Egal wie viele gute Taten du tust oder wie viele wichtige und intelligente Worte du sagst, werden die Menschen um dich herum sich am meisten daran erinnern, welche Gefühle du in ihnen hervorgerufen hast. Wenn du also wirklich ein Leben führen willst, in welchem du anderen hilfst, dann ist es für dich hilfreich zu lernen, wie du andere dazu bringen kannst, sich in deiner Gegenwart wohl zu fühlen. Zu Lernen, wie man anderen anonym Segen spendet, ist ein sehr kraftvolles Mittel, deine Welt und die Welt der „Anderen“ zu verändern. Weil es anonym geschieht, besteht das Risiko nicht, dass du dadurch nur dein eigenes Ego aufbläst, was der Fall sein könnte, wenn du deinen Segen öffentlich spenden würdest. Und sicher wäre es auch fast unmöglich und für viele dieser Personen anstrengend, wenn du sie ständig treffen oder auch nur anrufen oder ihnen Mails schreiben würdest, in denen du ihnen deinen Segen spendest und ihnen sagst, wie sehr du sie liebst. Das ist aber auch gar nicht nötig. Denn weil diese Personen in deinem Inneren leben, ist nämlich der direkteste Weg, sie zu kontaktieren sowieso, dass du in dein Herz hineingehst. Wenn du ihren Namen in einem ernstgemeinten, liebenden Sinne still vor dich hin nennst, werdet ihr beide in Liebe fallen und euch auflösen in dem einzigen universellen Herzen, in deinem eigenen wahren Ich, der ewigen Realität.
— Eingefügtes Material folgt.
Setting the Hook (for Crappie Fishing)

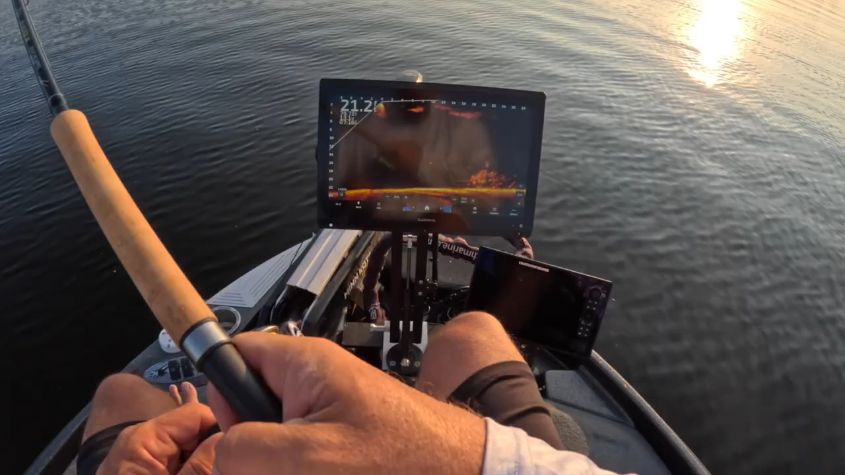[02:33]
hopefully you guys can appreciate those fish right there they look really good and there it is man did that not take long we're gonna find out what we got definitely doesn't feel big oh that's not a big fish
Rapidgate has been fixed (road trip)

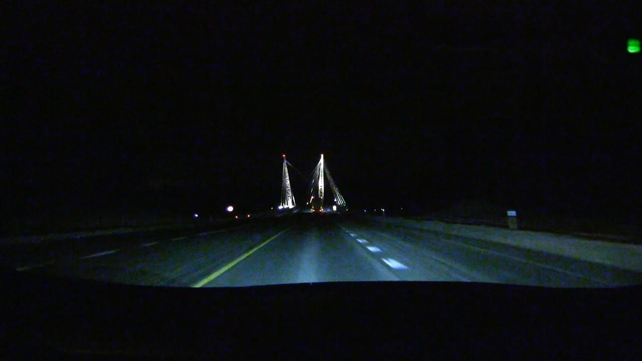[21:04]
We have been driving for a little bit and here is the bridge. Yes. This road connects to E6. So from here on, it will be, uh, more away all the way to Oslo.
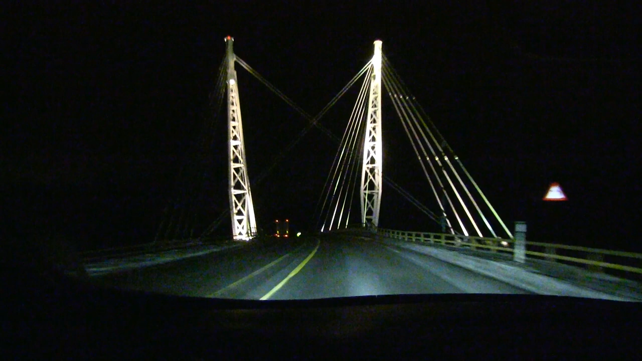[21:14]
Uh, I could drive at 110 or maybe even 120 kilometers per hour,
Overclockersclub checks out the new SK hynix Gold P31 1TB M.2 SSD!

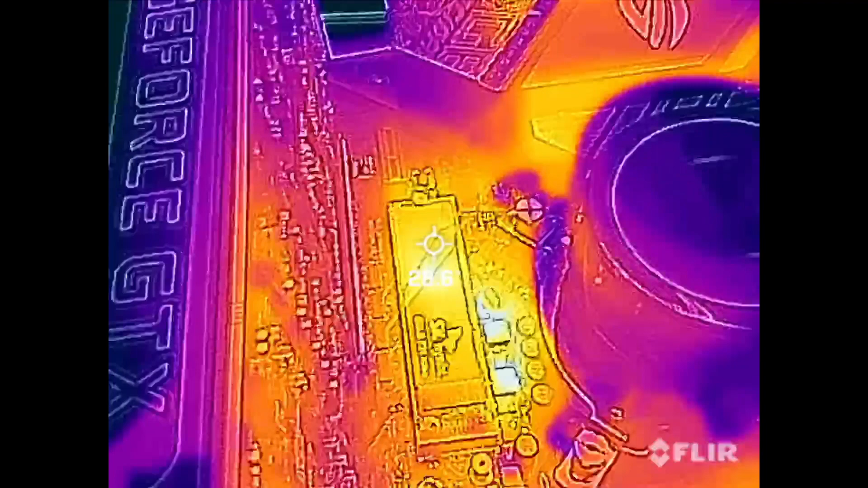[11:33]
We're running around 28 29 30 degrees celsius
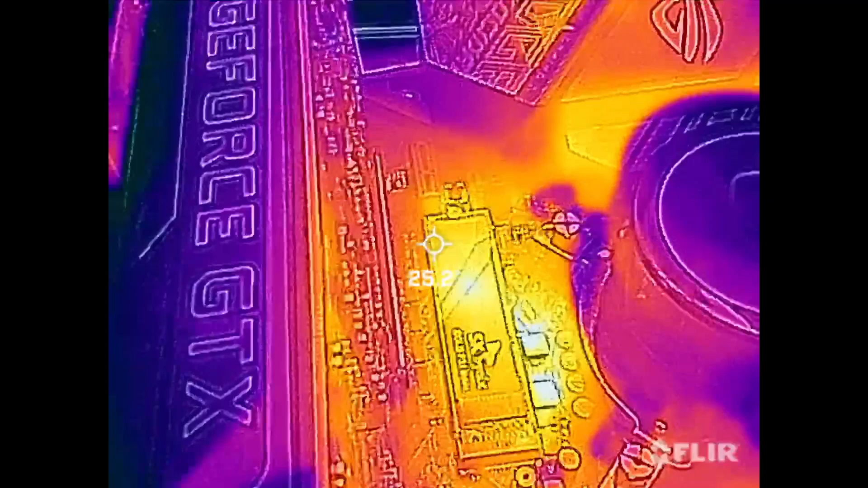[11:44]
And that's with no load so we will get it rolling here with a load on it All right,
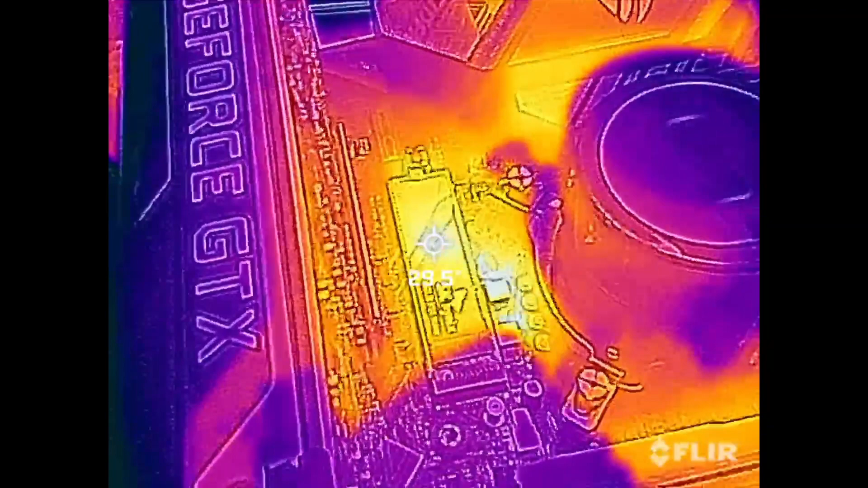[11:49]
so now i'm doing some stress testing And you can see the temperatures have definitely popped up over idle
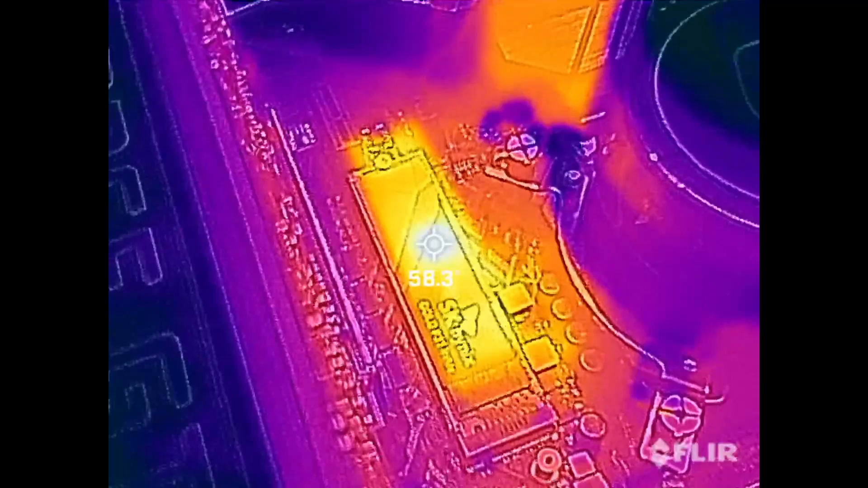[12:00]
So it looks like we're getting close to 60 degrees celsius It looks like the hot spot is right in that area there
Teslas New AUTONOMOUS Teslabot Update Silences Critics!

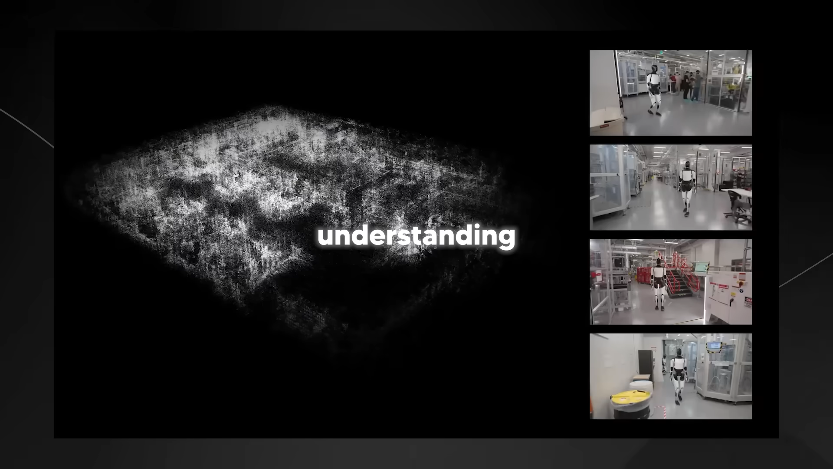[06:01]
of its surroundings So this feature is demonstrated in the 3d mapping visuals where Optimus units generate a detailed spatial map of their environment This type of collaborative ai allows for more efficient navigation as robots can pull their information to better understand the complex layouts And in practice this basically means that as more Optimus units work together They become more capable of operating large-scale or unfamiliar environments This is some kind of collective intelligence that brings
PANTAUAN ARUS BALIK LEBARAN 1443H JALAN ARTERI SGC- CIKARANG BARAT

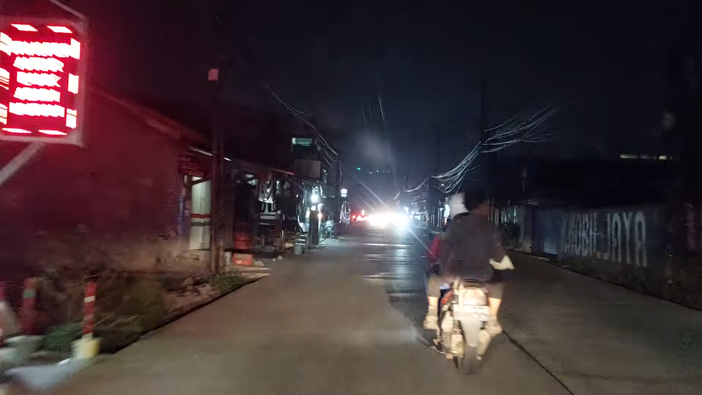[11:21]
lebaran 1443 jiria 2022 masahi hari ini hari sabtu malam ahad dan saat ini setelah tadi keluar dari jalan arteri di Cikarang Barat
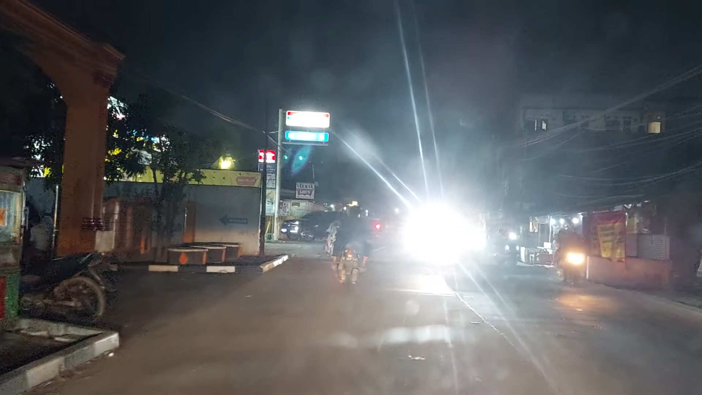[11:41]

Erwarte aber keine sofortigen Resultate! Geduld ist sehr wichtig, wenn du deine neue ewige Realität kultivierst. Jede Handlung, egal ob sie so subtil wie ein Gedanke ist, oder mehr ausgeformt wie etwa ein Wort oder eine Tat, ist wie ein Samen, der in den Boden gesetzt wird und der dann zur Grundlage deines Seins werden wird. Aber Samen brauchen Zeit um aufzugehen und zu wachsen. Und natürlich ist es nicht nur der bloße Zeitablauf, der ein gesundes Wachstum des Samens sicherstellt. Sondern ein Samen muss mit den richtigen Nährstoffen gehegt und gepflegt werden. Beständige liebende Sorge um den Samen wird positive Ergebnisse hervorbringen. Wenn die Samen, die du gesät hast, anfangen zu sprießen, wird es dir Freude bereiten, zu beobachten, wie die Menschen um dich herum wachsen und zu den Menschen erblühen, welche du dir erhofft hast. Und du wirst dich selbst entdecken als die Person, welche du immer sein wolltest und von der du immer wusstest, dass du diese Person irgendwann sein könntest.